Task objective: Could you restate all of the records exactly, leaving out the pictures?

Data:
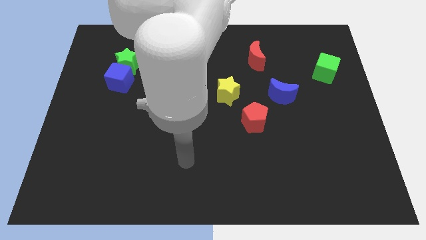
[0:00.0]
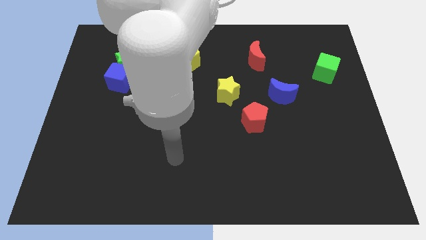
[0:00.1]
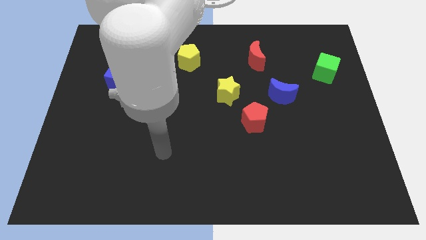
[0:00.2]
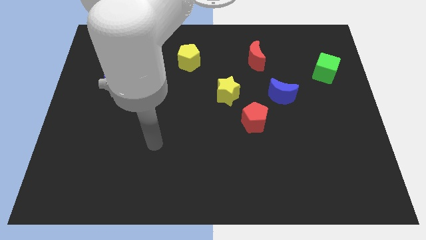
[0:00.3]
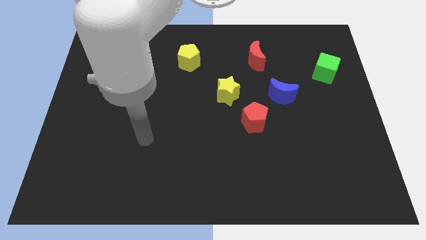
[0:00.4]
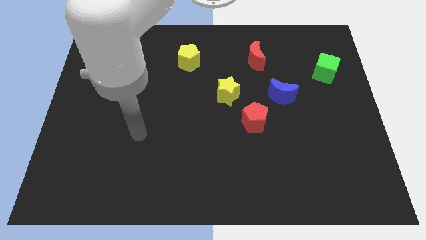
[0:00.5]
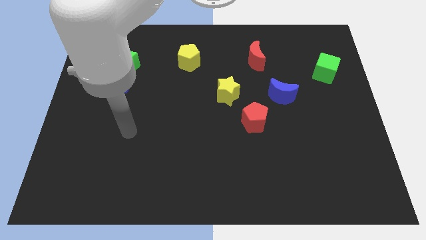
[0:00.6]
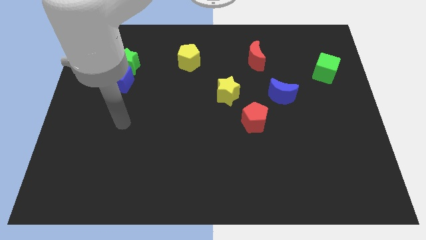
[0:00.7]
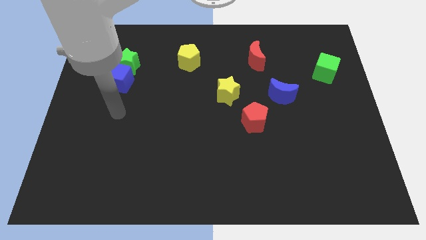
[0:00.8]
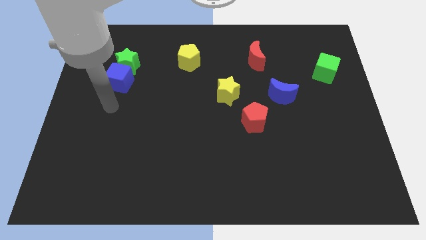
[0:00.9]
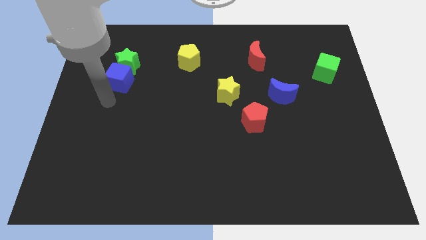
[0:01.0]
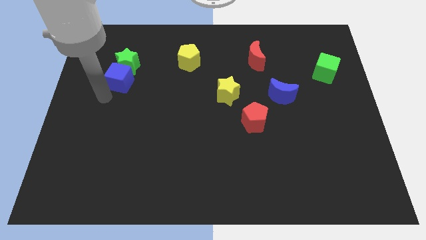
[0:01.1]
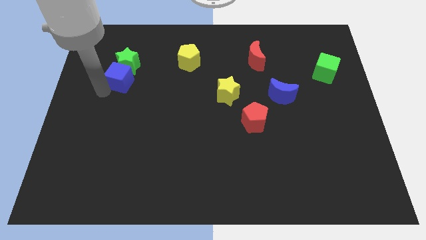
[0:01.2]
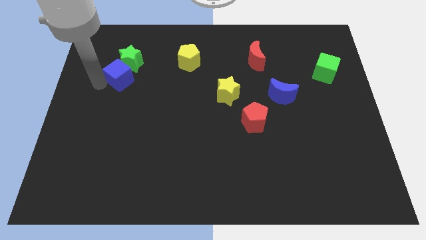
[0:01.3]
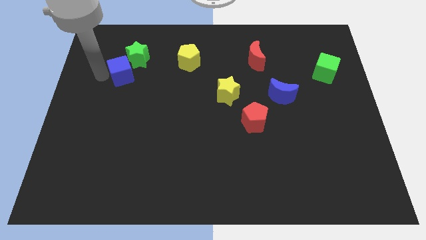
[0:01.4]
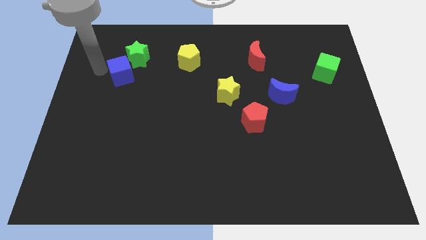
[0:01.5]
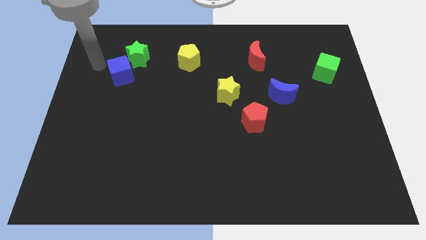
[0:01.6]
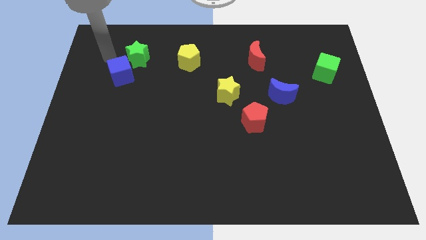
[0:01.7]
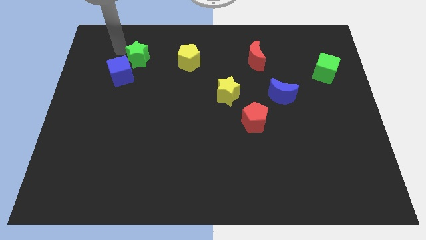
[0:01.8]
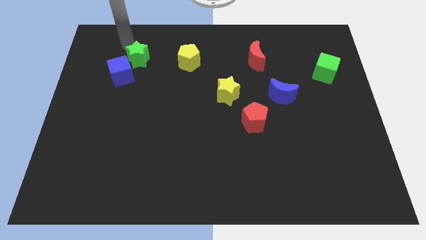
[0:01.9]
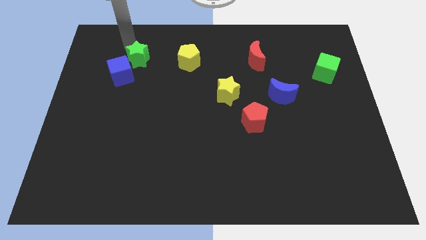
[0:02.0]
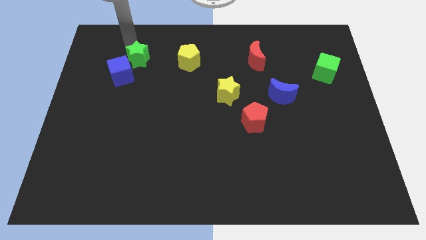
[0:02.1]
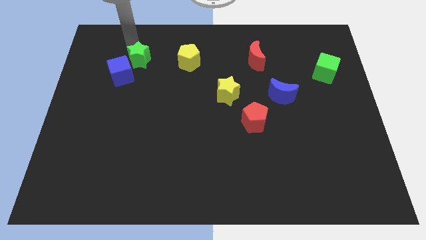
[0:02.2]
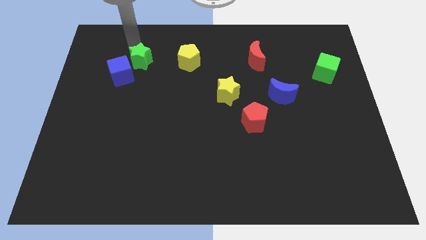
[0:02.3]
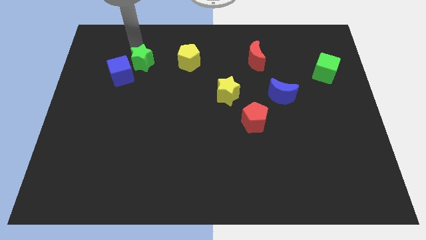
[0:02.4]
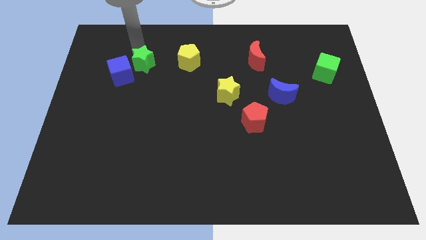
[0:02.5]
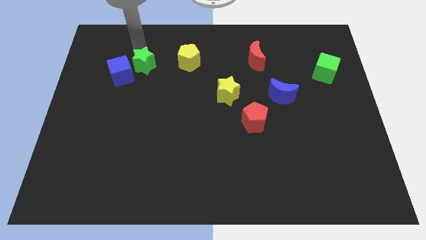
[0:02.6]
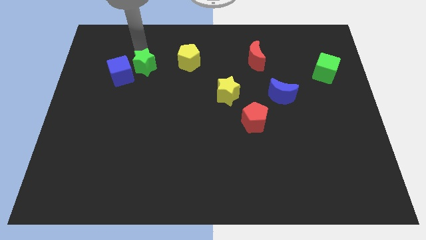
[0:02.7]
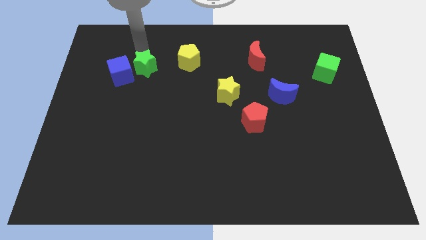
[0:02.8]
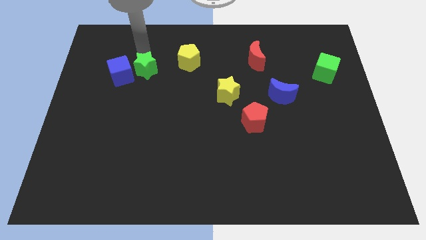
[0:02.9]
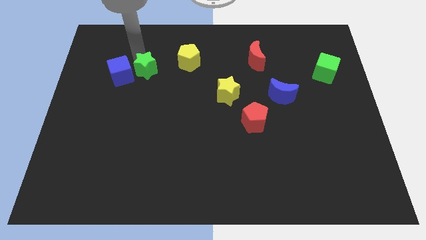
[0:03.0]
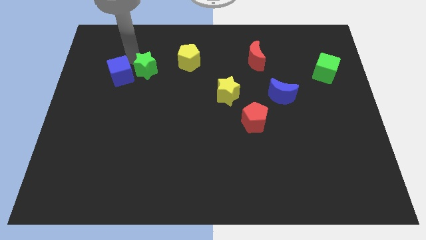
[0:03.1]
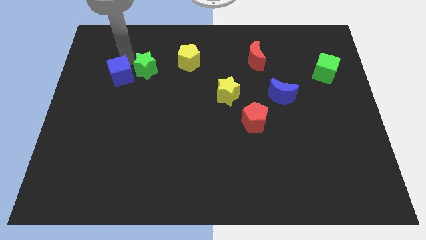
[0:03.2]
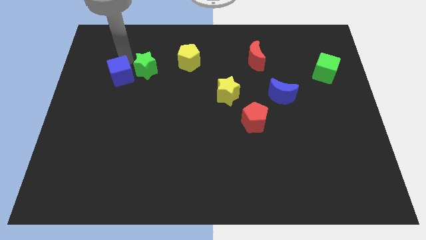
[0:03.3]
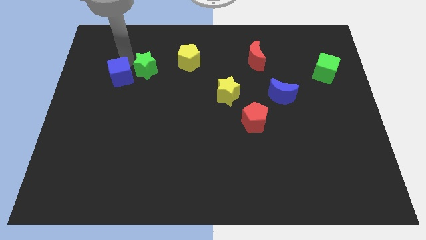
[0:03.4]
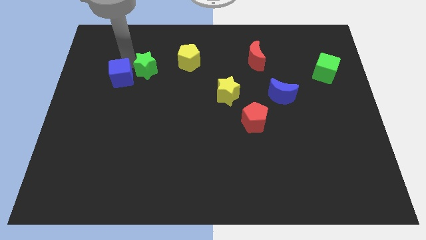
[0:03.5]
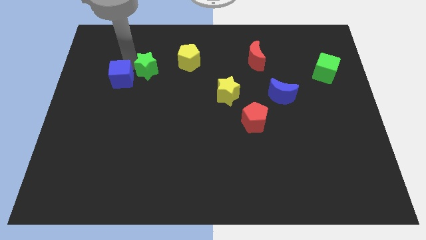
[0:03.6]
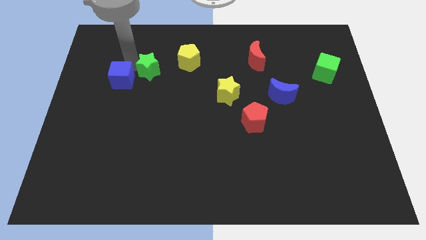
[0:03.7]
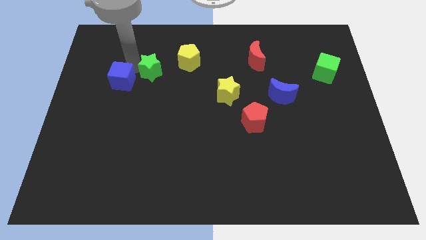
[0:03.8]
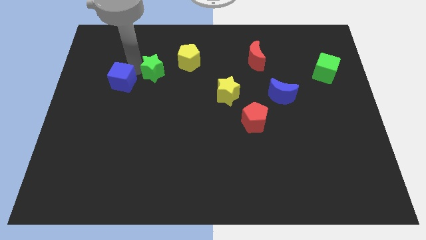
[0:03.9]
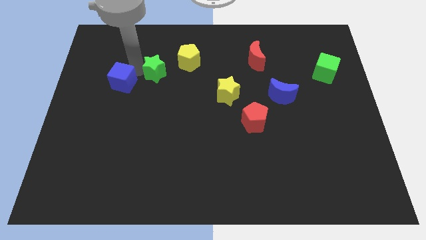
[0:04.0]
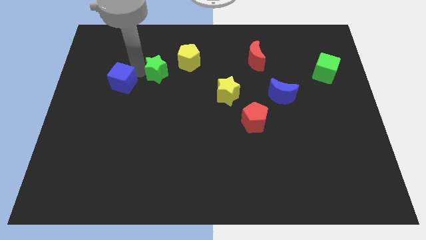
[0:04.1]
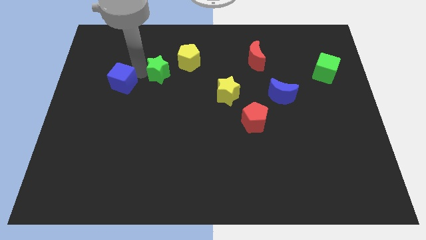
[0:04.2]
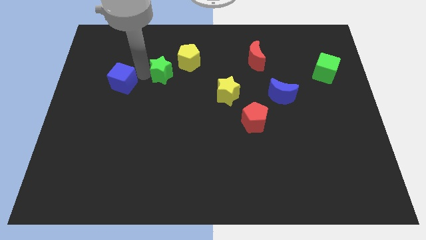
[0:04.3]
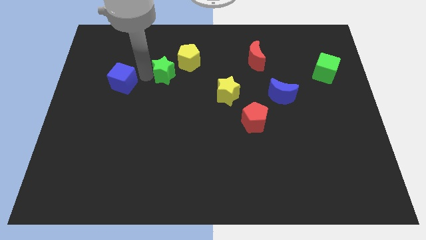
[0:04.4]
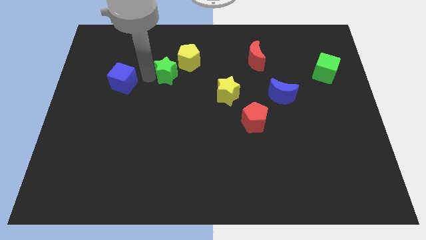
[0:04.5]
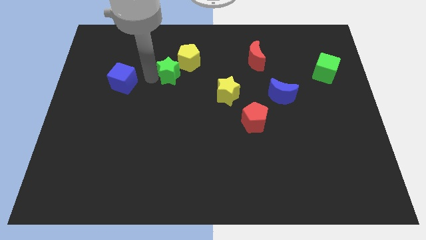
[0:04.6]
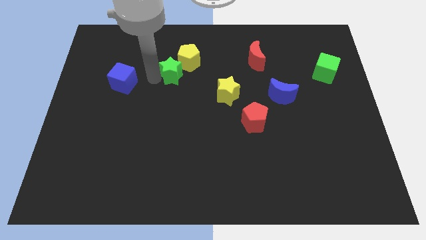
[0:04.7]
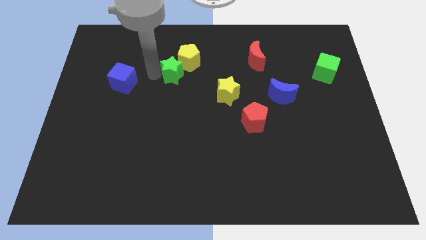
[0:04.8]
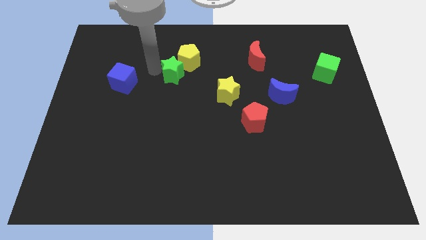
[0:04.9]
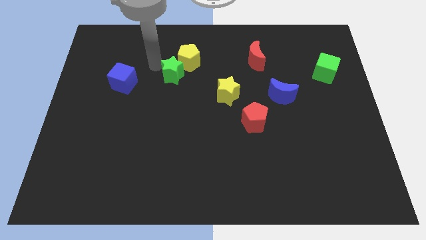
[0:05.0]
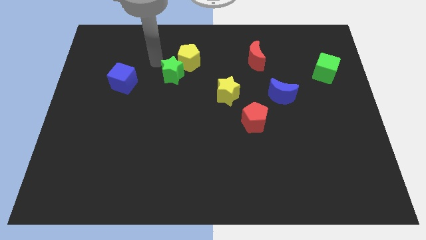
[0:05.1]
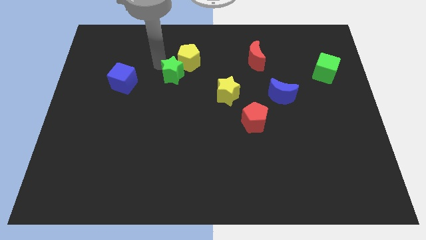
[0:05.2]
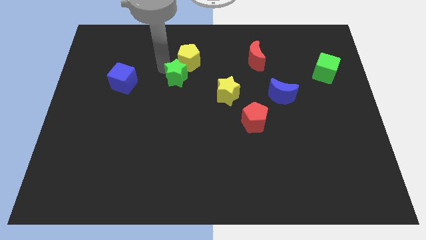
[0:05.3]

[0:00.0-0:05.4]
push the green star to the middle

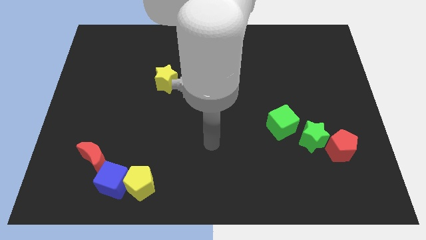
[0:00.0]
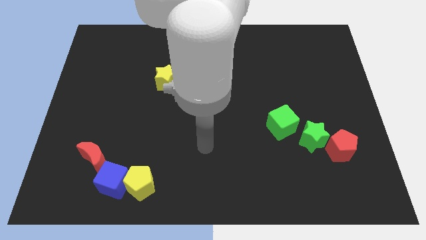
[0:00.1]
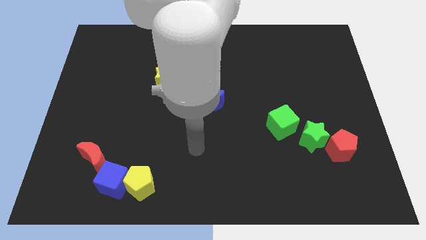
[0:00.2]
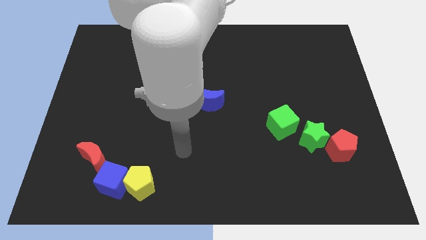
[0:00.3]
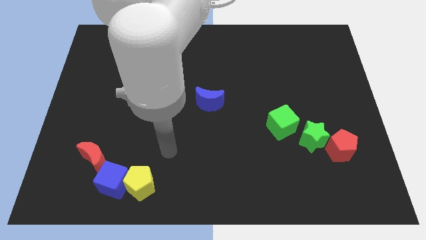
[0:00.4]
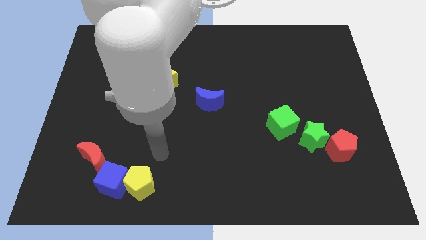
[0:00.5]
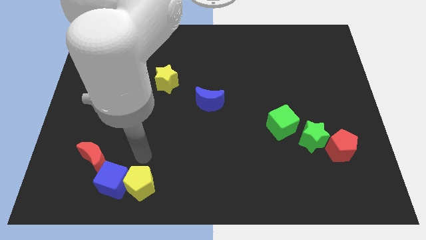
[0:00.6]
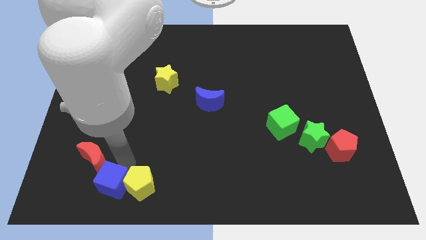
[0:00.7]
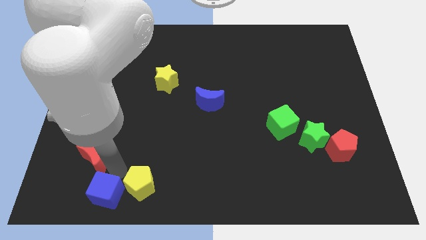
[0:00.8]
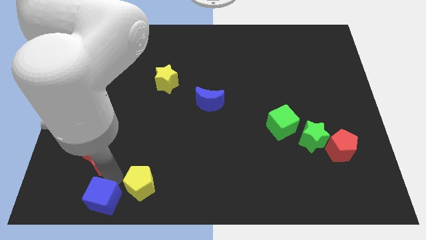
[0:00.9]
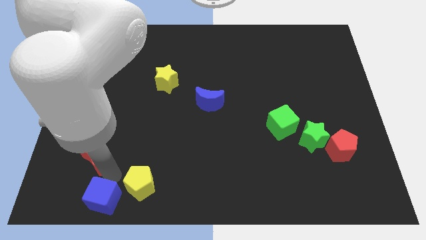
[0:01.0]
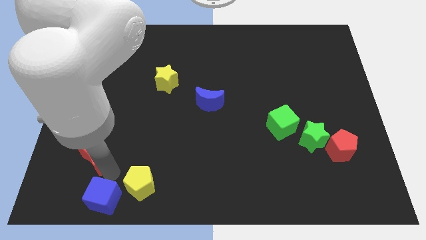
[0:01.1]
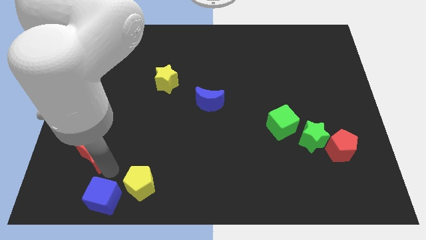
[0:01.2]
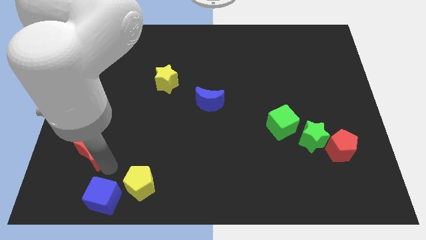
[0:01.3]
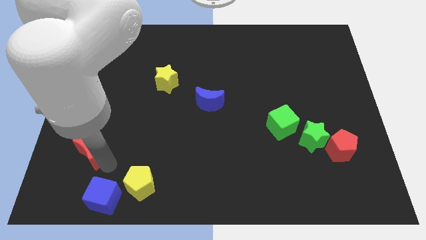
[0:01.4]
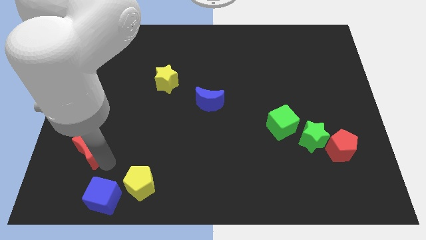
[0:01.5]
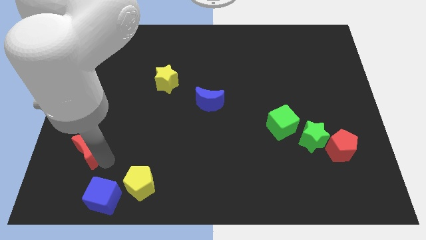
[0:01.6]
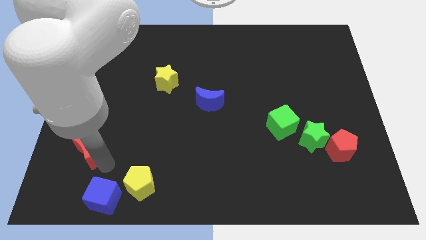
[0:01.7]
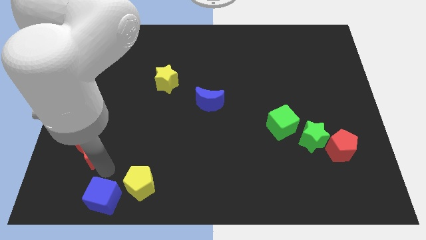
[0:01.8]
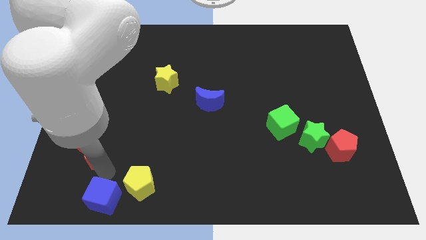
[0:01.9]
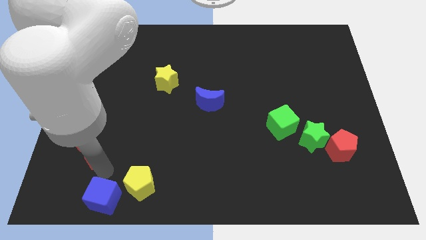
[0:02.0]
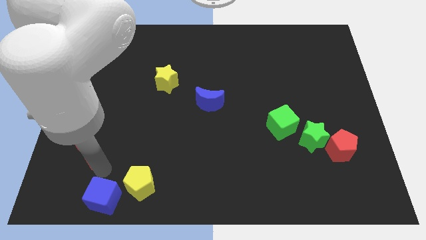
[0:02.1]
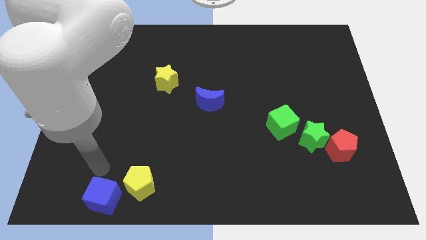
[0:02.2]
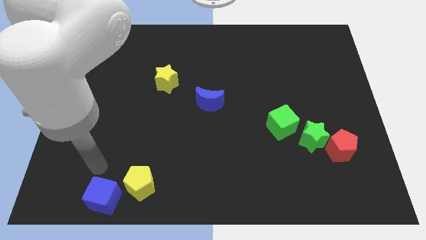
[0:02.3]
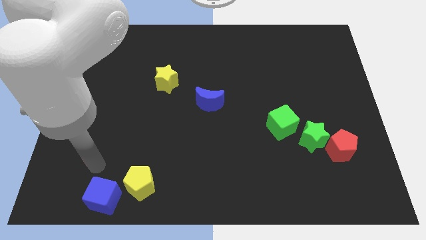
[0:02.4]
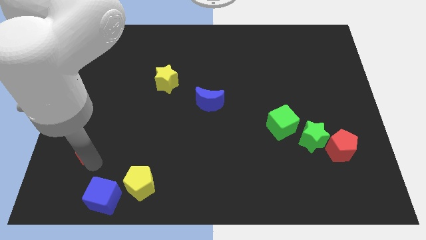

Response below:
[0:00.0]
[0:00.1]
[0:00.2]
[0:00.3]
[0:00.4]
[0:00.5]
[0:00.6]
[0:00.7]
[0:00.8]
[0:00.9]
[0:01.0]
[0:01.1]
[0:01.2]
[0:01.3]
[0:01.4]
[0:01.5]
[0:01.6]
[0:01.7]
[0:01.8]
[0:01.9]
[0:02.0]
[0:02.1]
[0:02.2]
[0:02.3]
[0:02.4]
[0:02.5]
[0:02.6]
[0:02.7]
[0:02.8]
[0:02.9]
[0:03.0]
[0:03.1]
[0:03.2]
[0:03.3]
[0:03.4]
[0:03.5]
[0:03.6]
[0:03.7]
[0:03.8]
[0:03.9]
[0:04.0]
[0:04.1]
[0:04.2]
[0:04.3]
[0:04.4]
[0:04.5]
[0:04.6]
[0:04.7]
[0:04.8]
[0:04.9]
[0:05.0]
[0:05.1]
[0:05.2]
[0:05.3]

[0:00.0-0:05.4]
push the green star to the middle

[0:00.0]
[0:00.1]
[0:00.2]
[0:00.3]
[0:00.4]
[0:00.5]
[0:00.6]
[0:00.7]
[0:00.8]
[0:00.9]
[0:01.0]
[0:01.1]
[0:01.2]
[0:01.3]
[0:01.4]
[0:01.5]
[0:01.6]
[0:01.7]
[0:01.8]
[0:01.9]
[0:02.0]
[0:02.1]
[0:02.2]
[0:02.3]
[0:02.4]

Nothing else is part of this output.